● THE TASK
Give back the line where "#12177 = LINE ( 'NONE', #4420, #5400 ) ;" appears and all the lines after it until the listing ends, unchanged and with nothing else.

● MATERIAL SHOWN

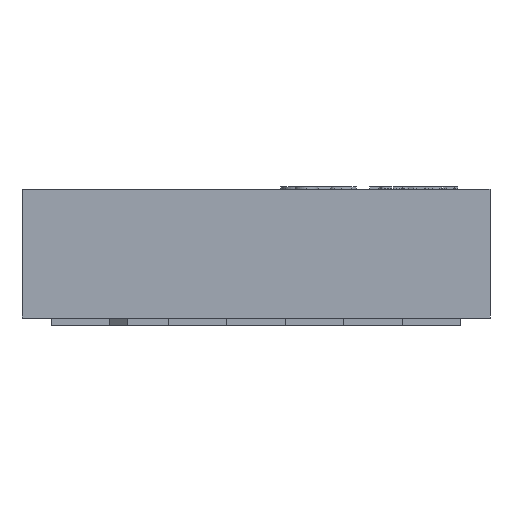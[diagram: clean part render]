
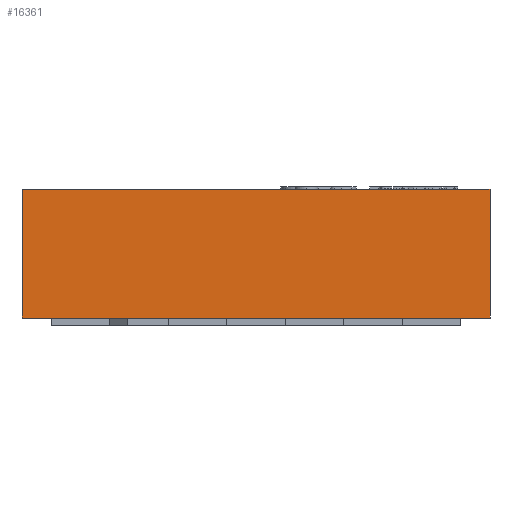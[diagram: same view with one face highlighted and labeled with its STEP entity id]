
A CAD part, front view. The second image highlights one B-rep face of the part: STEP entity #16361.
In plain terms, the highlighted planar face has unit normal (0, -1, 0).
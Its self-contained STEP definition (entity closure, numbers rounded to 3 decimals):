
#344 = VECTOR ( 'NONE', #6306, 1000. ) ;
#842 = CARTESIAN_POINT ( 'NONE',  ( 1., -1., 0. ) ) ;
#2153 = DIRECTION ( 'NONE',  ( 1., 0., 0. ) ) ;
#3153 = VERTEX_POINT ( 'NONE', #8174 ) ;
#3216 = PLANE ( 'NONE',  #7612 ) ;
#4420 = CARTESIAN_POINT ( 'NONE',  ( 1., -1., 0.55 ) ) ;
#5025 = EDGE_LOOP ( 'NONE', ( #16171, #10318, #6169, #13132 ) ) ;
#5059 = DIRECTION ( 'NONE',  ( 1., 0., 0. ) ) ;
#5311 = EDGE_CURVE ( 'NONE', #11354, #14482, #12177, .T. ) ;
#5400 = VECTOR ( 'NONE', #10935, 1000. ) ;
#6169 = ORIENTED_EDGE ( 'NONE', *, *, #16470, .F. ) ;
#6306 = DIRECTION ( 'NONE',  ( 0., 0., -1. ) ) ;
#7071 = VECTOR ( 'NONE', #5059, 1000. ) ;
#7338 = CARTESIAN_POINT ( 'NONE',  ( -1., -1., 0.55 ) ) ;
#7423 = CARTESIAN_POINT ( 'NONE',  ( -1., -1., 0.55 ) ) ;
#7612 = AXIS2_PLACEMENT_3D ( 'NONE', #7338, #8921, #8846 ) ;
#8174 = CARTESIAN_POINT ( 'NONE',  ( -1., -1., 0. ) ) ;
#8617 = CARTESIAN_POINT ( 'NONE',  ( -1., -1., 0. ) ) ;
#8846 = DIRECTION ( 'NONE',  ( 0., 0., 1. ) ) ;
#8921 = DIRECTION ( 'NONE',  ( 0., 1., 0. ) ) ;
#9605 = FACE_OUTER_BOUND ( 'NONE', #5025, .T. ) ;
#9928 = CARTESIAN_POINT ( 'NONE',  ( -1., -1., 0.55 ) ) ;
#10318 = ORIENTED_EDGE ( 'NONE', *, *, #5311, .F. ) ;
#10833 = LINE ( 'NONE', #8617, #11582 ) ;
#10935 = DIRECTION ( 'NONE',  ( 0., 0., -1. ) ) ;
#11157 = LINE ( 'NONE', #7423, #344 ) ;
#11354 = VERTEX_POINT ( 'NONE', #14860 ) ;
#11359 = EDGE_CURVE ( 'NONE', #3153, #14482, #10833, .T. ) ;
#11480 = LINE ( 'NONE', #9928, #7071 ) ;
#11582 = VECTOR ( 'NONE', #2153, 1000. ) ;
#12177 = LINE ( 'NONE', #4420, #5400 ) ;
#12659 = EDGE_CURVE ( 'NONE', #12885, #3153, #11157, .T. ) ;
#12885 = VERTEX_POINT ( 'NONE', #16002 ) ;
#13132 = ORIENTED_EDGE ( 'NONE', *, *, #12659, .T. ) ;
#14482 = VERTEX_POINT ( 'NONE', #842 ) ;
#14860 = CARTESIAN_POINT ( 'NONE',  ( 1., -1., 0.55 ) ) ;
#16002 = CARTESIAN_POINT ( 'NONE',  ( -1., -1., 0.55 ) ) ;
#16171 = ORIENTED_EDGE ( 'NONE', *, *, #11359, .T. ) ;
#16361 = ADVANCED_FACE ( 'NONE', ( #9605 ), #3216, .F. ) ;
#16470 = EDGE_CURVE ( 'NONE', #12885, #11354, #11480, .T. ) ;

● OUTPUT FOR THIS TASK
#12177 = LINE ( 'NONE', #4420, #5400 ) ;
#12659 = EDGE_CURVE ( 'NONE', #12885, #3153, #11157, .T. ) ;
#12885 = VERTEX_POINT ( 'NONE', #16002 ) ;
#13132 = ORIENTED_EDGE ( 'NONE', *, *, #12659, .T. ) ;
#14482 = VERTEX_POINT ( 'NONE', #842 ) ;
#14860 = CARTESIAN_POINT ( 'NONE',  ( 1., -1., 0.55 ) ) ;
#16002 = CARTESIAN_POINT ( 'NONE',  ( -1., -1., 0.55 ) ) ;
#16171 = ORIENTED_EDGE ( 'NONE', *, *, #11359, .T. ) ;
#16361 = ADVANCED_FACE ( 'NONE', ( #9605 ), #3216, .F. ) ;
#16470 = EDGE_CURVE ( 'NONE', #12885, #11354, #11480, .T. ) ;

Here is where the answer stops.